Sex, race, and selection for height

A few papers relating to a conversation I'm not particularly interested in. For the record, in the West:
Selection worked strongly in favor of very tall men, not just against short men. Since there were no hints of any evolutionary check on this selection, these findings suggest unconstrained directional selection for tallness in men. [Evidence of unconstrained directional selection for male tallness]
And:
Height was weakly but significantly related to reproductive success [among women]. The relationship was U-shaped, with deficits at the extremes of height. This pattern was largely due to poor health among extremely tall and extremely short women. However, the maximum reproductive success was found below the mean height for women. Thus, selection appears to be sexually disruptive in this population, favouring tall men and short women. Over evolutionary time, such a situation tends to maintain sexual dimorphism. Men do not use stature as a positive mate-choice criterion as women do.
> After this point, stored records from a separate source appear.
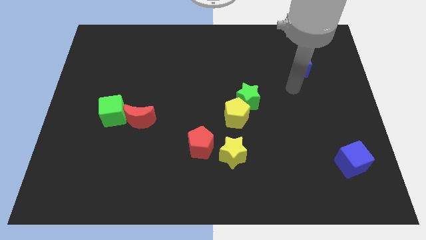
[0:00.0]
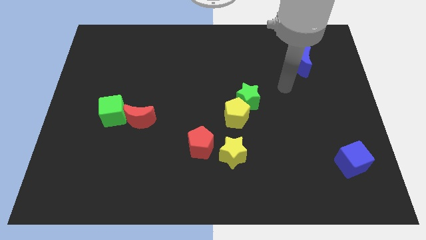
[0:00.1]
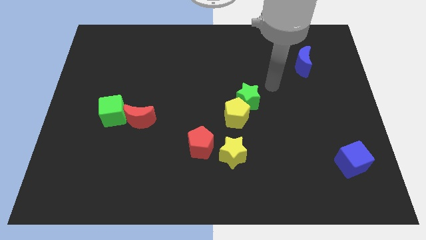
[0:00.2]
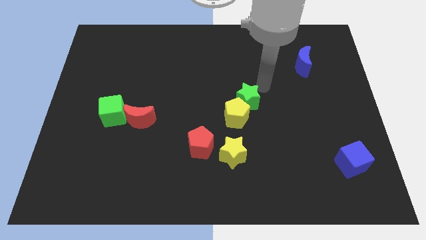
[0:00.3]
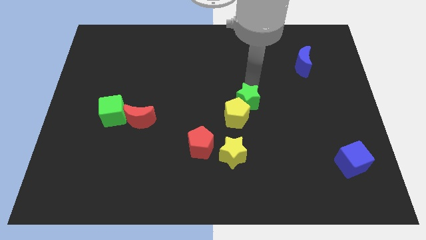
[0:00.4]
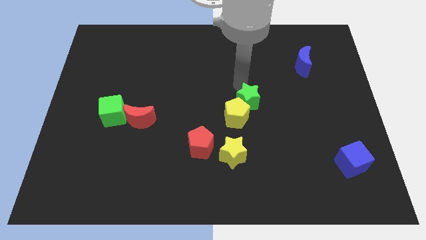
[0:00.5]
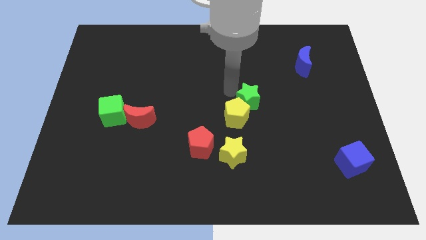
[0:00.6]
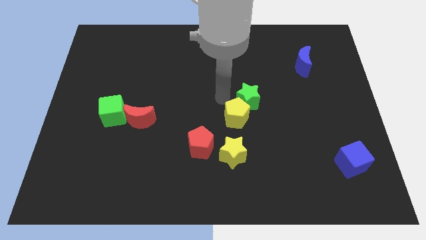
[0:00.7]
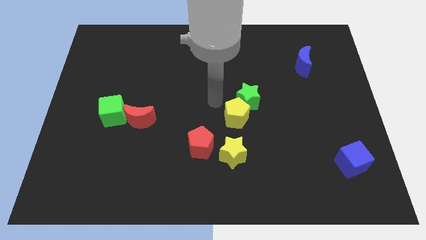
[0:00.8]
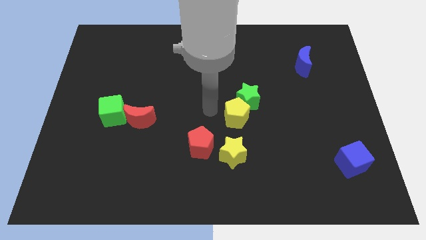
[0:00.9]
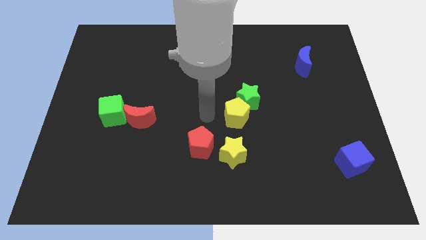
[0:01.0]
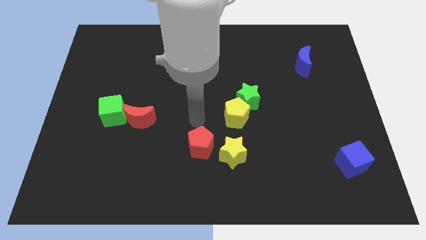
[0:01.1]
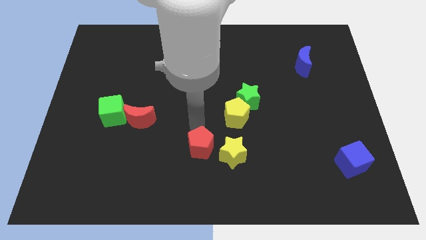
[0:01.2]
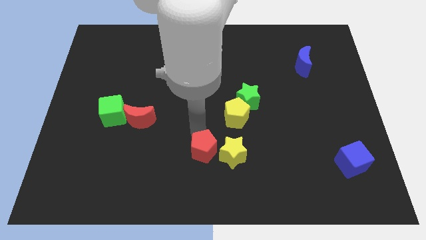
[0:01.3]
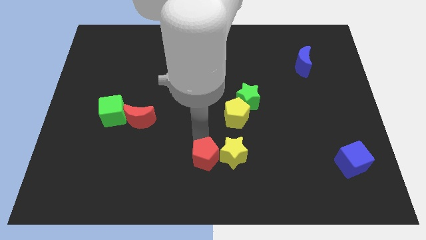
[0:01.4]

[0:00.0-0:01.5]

It is argued that there is good evolutionary reason for this, because men are orientated towards cues of fertility, and female height, being positively related to age of sexual maturity, is not such a cue. [Women's height, reproductive success and the evolution of sexual dimorphism in modern humans]
Whereas, in Africa:
In Western societies, height is positively correlated with reproductive success (RS) for men but negatively correlated with RS for women. These relationships have been attributed to sexual selection: women prefer tall men, and men prefer short women. It is this success in the marriage market which leads to higher RS for tall men and short women. We have already shown that the relationship between height and RS for women is quite different in a non-Western context. In a subsistence farming community in rural Gambia, height is positively correlated with reproductive success for women, largely owing to the higher survival of the children of tall women. Here, the relationship between height and reproductive success is analyzed for men in the same community. For these Gambian men, there is no significant relationship between height and the number of children they produce, although tall men do contract more marriages than shorter men. We conclude that environmental context needs to be taken into account when analyzing human reproductive behavior. [Height and reproductive success: How a Gambian population compares with the west]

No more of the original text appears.